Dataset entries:
BEGIN
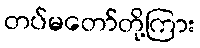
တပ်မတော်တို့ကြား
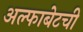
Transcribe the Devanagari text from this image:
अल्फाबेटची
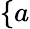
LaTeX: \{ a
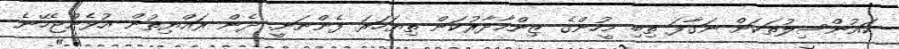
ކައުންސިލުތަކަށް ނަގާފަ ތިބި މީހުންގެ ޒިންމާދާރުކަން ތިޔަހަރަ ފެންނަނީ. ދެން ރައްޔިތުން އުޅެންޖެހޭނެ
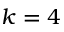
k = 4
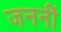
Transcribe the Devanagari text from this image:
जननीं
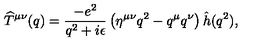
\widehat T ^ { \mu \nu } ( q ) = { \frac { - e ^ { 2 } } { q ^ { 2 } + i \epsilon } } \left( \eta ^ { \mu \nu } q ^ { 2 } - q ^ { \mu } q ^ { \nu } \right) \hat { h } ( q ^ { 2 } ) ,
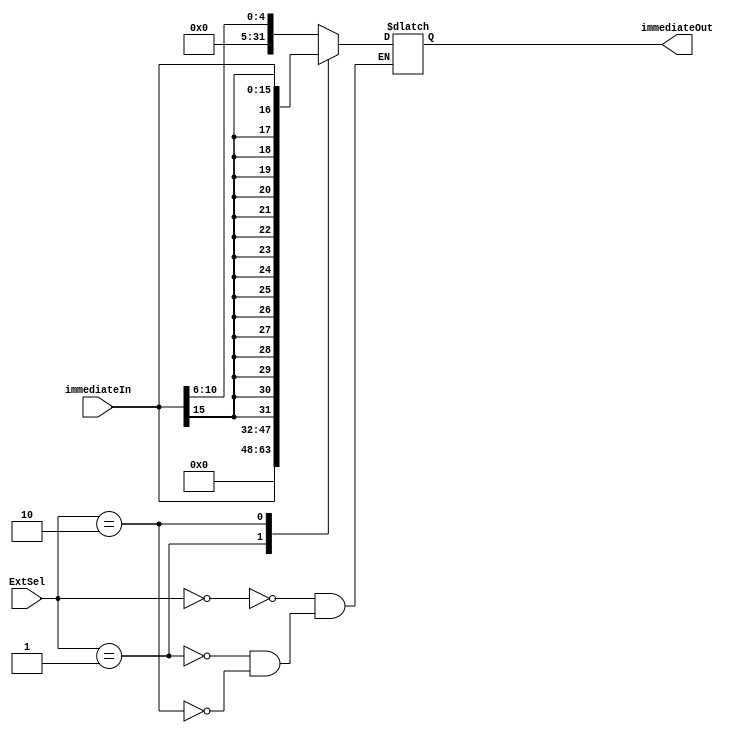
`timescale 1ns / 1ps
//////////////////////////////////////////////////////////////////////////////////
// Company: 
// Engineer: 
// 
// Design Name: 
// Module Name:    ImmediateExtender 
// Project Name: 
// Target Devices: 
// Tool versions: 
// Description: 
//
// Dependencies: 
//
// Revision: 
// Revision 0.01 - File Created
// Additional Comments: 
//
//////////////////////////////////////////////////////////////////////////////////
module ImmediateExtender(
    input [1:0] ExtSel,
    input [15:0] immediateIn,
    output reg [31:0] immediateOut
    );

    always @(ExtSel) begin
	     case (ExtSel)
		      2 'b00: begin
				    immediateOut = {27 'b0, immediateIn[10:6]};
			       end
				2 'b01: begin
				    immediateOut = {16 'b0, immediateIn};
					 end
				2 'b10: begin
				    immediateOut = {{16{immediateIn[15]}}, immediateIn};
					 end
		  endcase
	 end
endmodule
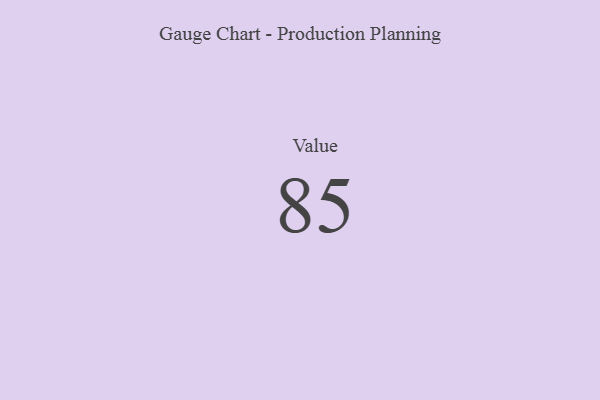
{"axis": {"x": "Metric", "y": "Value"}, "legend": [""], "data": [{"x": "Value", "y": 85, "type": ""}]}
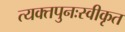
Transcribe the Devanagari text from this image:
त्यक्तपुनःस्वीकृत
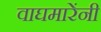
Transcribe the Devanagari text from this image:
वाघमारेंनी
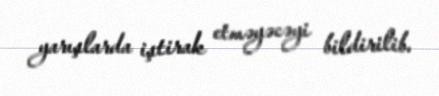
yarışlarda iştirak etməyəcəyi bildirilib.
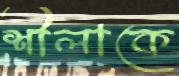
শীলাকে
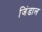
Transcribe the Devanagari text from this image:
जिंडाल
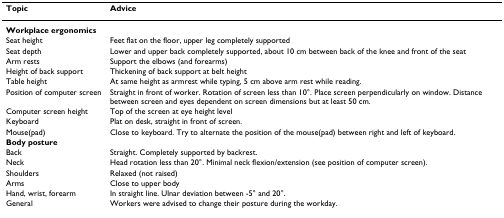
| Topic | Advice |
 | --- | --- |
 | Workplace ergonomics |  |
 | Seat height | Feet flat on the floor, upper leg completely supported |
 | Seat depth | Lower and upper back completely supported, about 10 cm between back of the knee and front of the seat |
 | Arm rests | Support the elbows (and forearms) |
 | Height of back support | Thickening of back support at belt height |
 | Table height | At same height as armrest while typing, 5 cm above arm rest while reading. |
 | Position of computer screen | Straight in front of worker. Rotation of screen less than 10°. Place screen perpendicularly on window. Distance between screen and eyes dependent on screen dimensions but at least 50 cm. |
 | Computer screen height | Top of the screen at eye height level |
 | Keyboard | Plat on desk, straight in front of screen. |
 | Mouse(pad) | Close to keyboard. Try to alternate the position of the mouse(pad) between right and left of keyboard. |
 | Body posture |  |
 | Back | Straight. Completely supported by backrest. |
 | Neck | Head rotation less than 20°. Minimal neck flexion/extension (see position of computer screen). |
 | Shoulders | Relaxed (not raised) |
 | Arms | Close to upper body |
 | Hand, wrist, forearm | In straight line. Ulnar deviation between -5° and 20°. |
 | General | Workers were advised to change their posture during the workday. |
END
## What is required
From the data above, copy each line where the string "Revision" appears.

## Written answer
// Revision: 
// Revision 0.01 - File Created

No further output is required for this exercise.